WHAT THE TASK REQUIRES
Reproduce exactly the entries from the "A book cover" line to the end. Skip all pictures.

MATERIAL FOR THE TASK
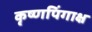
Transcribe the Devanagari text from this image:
कृष्णपिंगाक्ष
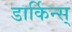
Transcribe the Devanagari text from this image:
डार्किन्स्
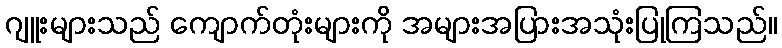
ဂျူးများသည် ကျောက်တုံးများကို အများအပြားအသုံးပြုကြသည်။
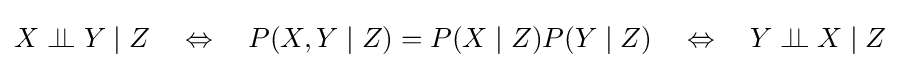
X\perp \!\!\!\perp Y\mid Z\quad \Leftrightarrow \quad P(X,Y\mid Z)=P(X\mid Z)P(Y\mid Z)\quad \Leftrightarrow \quad Y\perp \!\!\!\perp X\mid Z
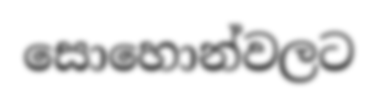
සොහොන්වලට
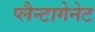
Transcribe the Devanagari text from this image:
प्लैन्टागेनेट
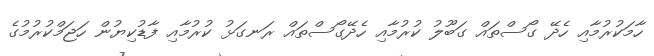
ހާމަކުރުމާއި ހެދޭ ގޯސްތައް ގަބޫލު ކުރުމާއި ހެދޭގޯސްތައް ރަނގަޅު ކުރުމާއި ފާޑުކިޔުން ހަޖަމްކުރުމުގެ
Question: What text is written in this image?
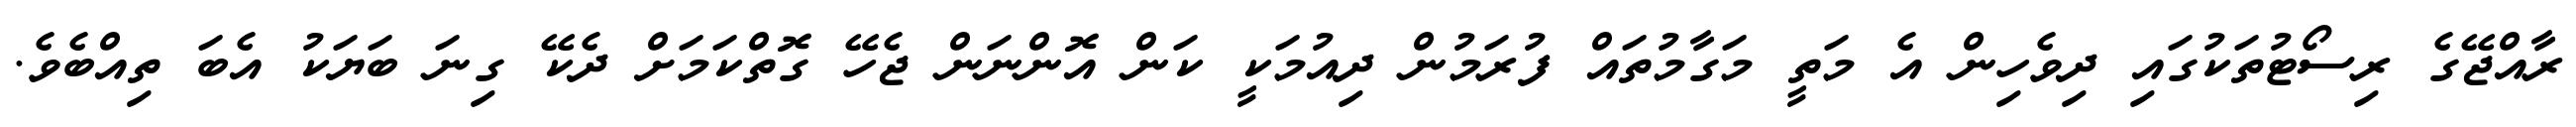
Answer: ރާއްޖޭގެ ރިސޯޓުތަކުގައި ދިވެހިން އެ މަތީ މަގާމުތައް ފުރަމުން ދިއުމަކީ ކަން އޮންނަން ޖެހޭ ގޮތްކަމަށް ދެކޭ ގިނަ ބަޔަކު އެބަ ތިއްބެވެ.
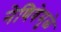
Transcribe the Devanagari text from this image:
नेणिवेमुळे
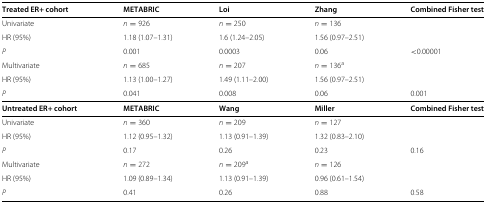
| Treated ER+ cohort | METABRIC | Loi | Zhang | Combined Fisher test |
 | --- | --- | --- | --- | --- |
 | Univariate | n=926 | n=250 | n=136 |  |
 | HR (95%) | 1.18 (1.07–1.31) | 1.6 (1.24–2.05) | 1.56 (0.97–2.51) |  |
 | P | 0.001 | 0.0003 | 0.06 | <0.00001 |
 | Multivariate | n=685 | n=207 | n=136a |  |
 | HR (95%) | 1.13 (1.00–1.27) | 1.49 (1.11–2.00) | 1.56 (0.97–2.51) |  |
 | P | 0.041 | 0.008 | 0.06 | 0.001 |
 | Untreated ER+ cohort | METABRIC | Wang | Miller | Combined Fisher test |
 | Univariate | n=360 | n=209 | n=127 |  |
 | HR (95%) | 1.12 (0.95–1.32) | 1.13 (0.91–1.39) | 1.32 (0.83–2.10) |  |
 | P | 0.17 | 0.26 | 0.23 | 0.16 |
 | Multivariate | n=272 | n=209a | n=126 |  |
 | HR (95%) | 1.09 (0.89–1.34) | 1.13 (0.91–1.39) | 0.96 (0.61–1.54) |  |
 | P | 0.41 | 0.26 | 0.88 | 0.58 |
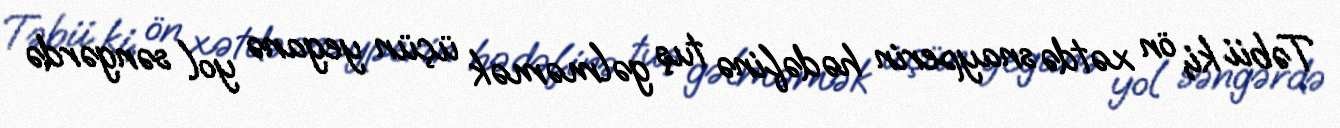
Təbii ki, ön xətdə snayperin hədəfinə tuş gəlməmək üçün yeganə yol səngərdə
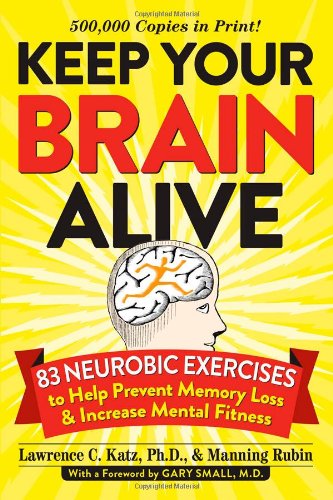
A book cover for Keep Your Brain Alive: 83 Neurobic Exercises to Help Prevent Memory Loss and Increase Mental Fitness; Lawrence Katz; Humor & Entertainment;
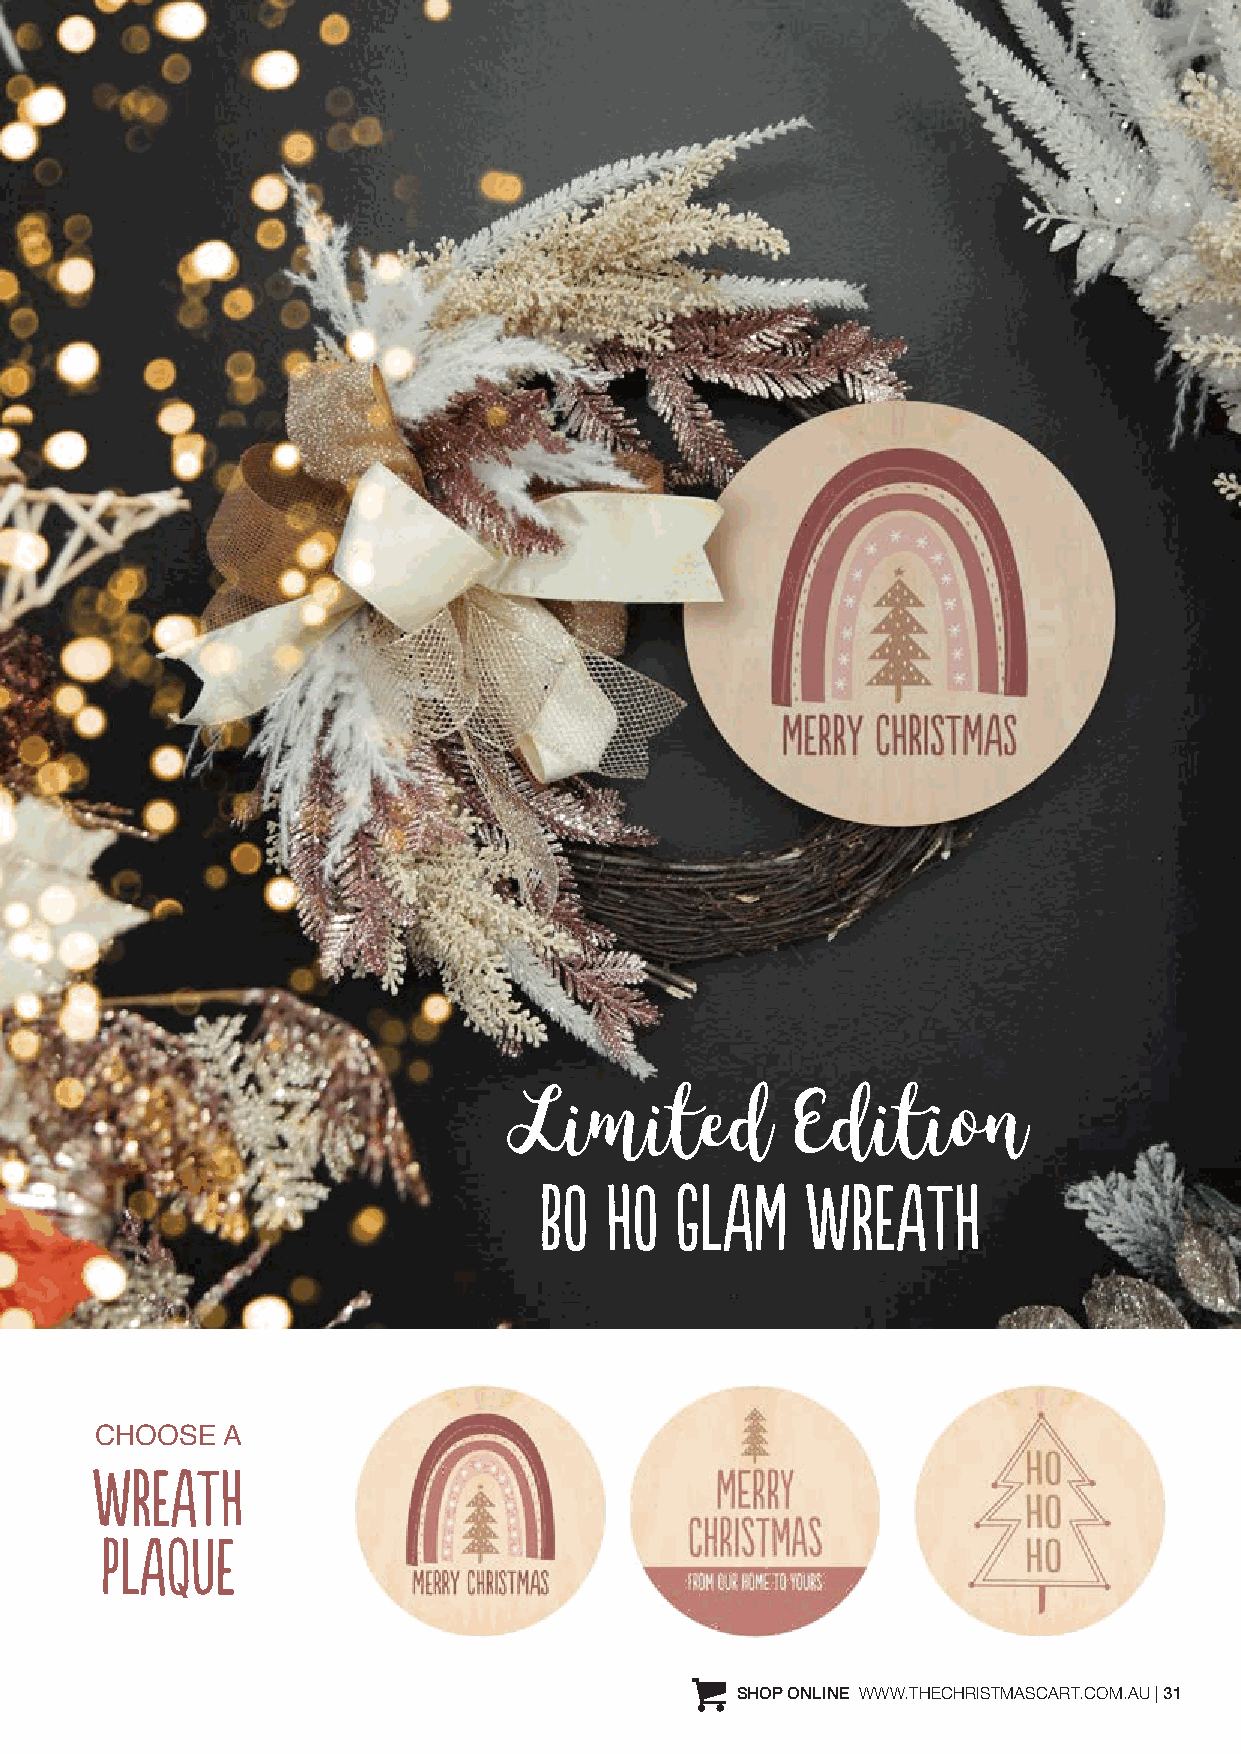
Limited            Edition
 BO  HO   GLAM    WREATH
 CHOOSE   A
 WREATH
 PLAQUE
 SHOP ONLINE WWW.THECHRISTMASCART.COM.AU | 31
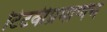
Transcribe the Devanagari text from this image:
टिटवीप्रमाणेच
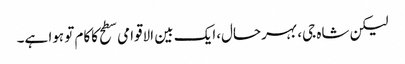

SOLUTION TO THE EXERCISE
A book cover for Keep Your Brain Alive: 83 Neurobic Exercises to Help Prevent Memory Loss and Increase Mental Fitness; Lawrence Katz; Humor & Entertainment;
Limited            Edition
 BO  HO   GLAM    WREATH
 CHOOSE   A
 WREATH
 PLAQUE
 SHOP ONLINE WWW.THECHRISTMASCART.COM.AU | 31
Transcribe the Devanagari text from this image:
टिटवीप्रमाणेच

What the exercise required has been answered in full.